[Data items]
────────
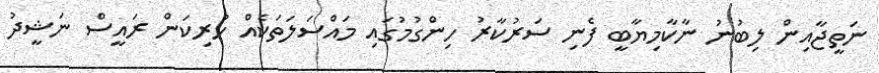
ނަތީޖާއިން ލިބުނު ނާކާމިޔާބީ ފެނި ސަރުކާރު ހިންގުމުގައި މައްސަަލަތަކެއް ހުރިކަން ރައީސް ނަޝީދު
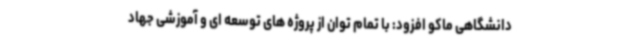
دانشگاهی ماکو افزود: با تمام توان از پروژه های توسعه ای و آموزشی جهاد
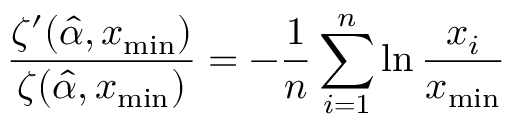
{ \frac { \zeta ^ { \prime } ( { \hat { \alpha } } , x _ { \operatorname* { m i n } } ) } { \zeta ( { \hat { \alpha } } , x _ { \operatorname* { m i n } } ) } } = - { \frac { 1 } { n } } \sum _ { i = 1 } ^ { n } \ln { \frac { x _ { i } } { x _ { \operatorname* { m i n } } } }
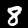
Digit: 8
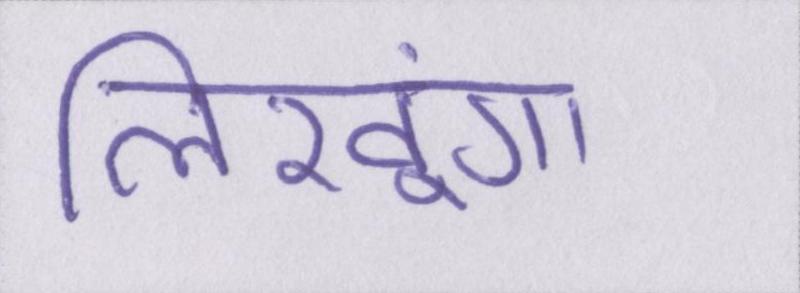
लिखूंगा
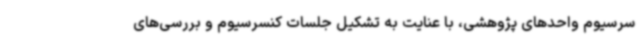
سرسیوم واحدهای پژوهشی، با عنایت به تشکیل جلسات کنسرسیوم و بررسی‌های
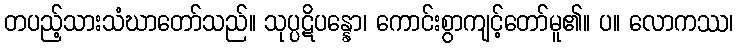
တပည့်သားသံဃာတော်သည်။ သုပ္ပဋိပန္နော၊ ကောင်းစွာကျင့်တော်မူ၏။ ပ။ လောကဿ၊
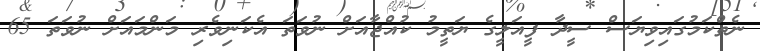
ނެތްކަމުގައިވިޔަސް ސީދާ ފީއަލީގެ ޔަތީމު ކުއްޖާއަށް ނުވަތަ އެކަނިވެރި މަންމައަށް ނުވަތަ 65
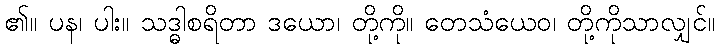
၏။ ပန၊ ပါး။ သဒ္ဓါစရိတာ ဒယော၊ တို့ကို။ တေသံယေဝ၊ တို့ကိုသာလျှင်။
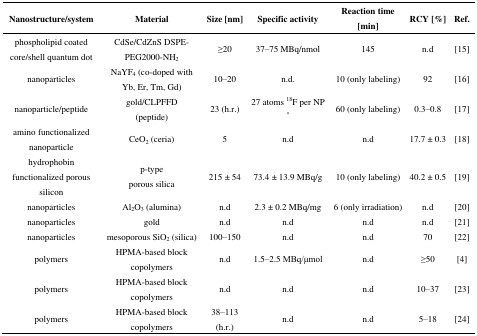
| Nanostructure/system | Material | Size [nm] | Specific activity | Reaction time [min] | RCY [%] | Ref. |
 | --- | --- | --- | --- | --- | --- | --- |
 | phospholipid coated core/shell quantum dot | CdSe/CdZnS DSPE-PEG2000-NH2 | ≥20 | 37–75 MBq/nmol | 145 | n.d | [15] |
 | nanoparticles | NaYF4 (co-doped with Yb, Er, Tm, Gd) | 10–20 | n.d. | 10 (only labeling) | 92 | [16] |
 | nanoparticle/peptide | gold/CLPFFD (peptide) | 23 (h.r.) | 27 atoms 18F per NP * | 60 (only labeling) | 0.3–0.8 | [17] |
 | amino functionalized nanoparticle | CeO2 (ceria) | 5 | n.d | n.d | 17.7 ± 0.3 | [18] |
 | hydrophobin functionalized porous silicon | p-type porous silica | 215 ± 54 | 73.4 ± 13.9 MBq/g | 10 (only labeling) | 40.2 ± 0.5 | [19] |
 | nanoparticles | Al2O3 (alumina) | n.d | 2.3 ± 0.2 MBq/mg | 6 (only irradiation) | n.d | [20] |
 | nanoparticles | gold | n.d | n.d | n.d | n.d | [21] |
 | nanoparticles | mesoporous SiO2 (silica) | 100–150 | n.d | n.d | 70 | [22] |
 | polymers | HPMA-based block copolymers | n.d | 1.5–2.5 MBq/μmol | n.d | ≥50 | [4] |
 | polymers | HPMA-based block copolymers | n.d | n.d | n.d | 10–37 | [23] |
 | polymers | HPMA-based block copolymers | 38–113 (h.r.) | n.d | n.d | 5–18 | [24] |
────────
**TASK PROMPT:**
Give only the number of lines in the data that include the string "functionalized".

**YOUR SOLUTION:**
2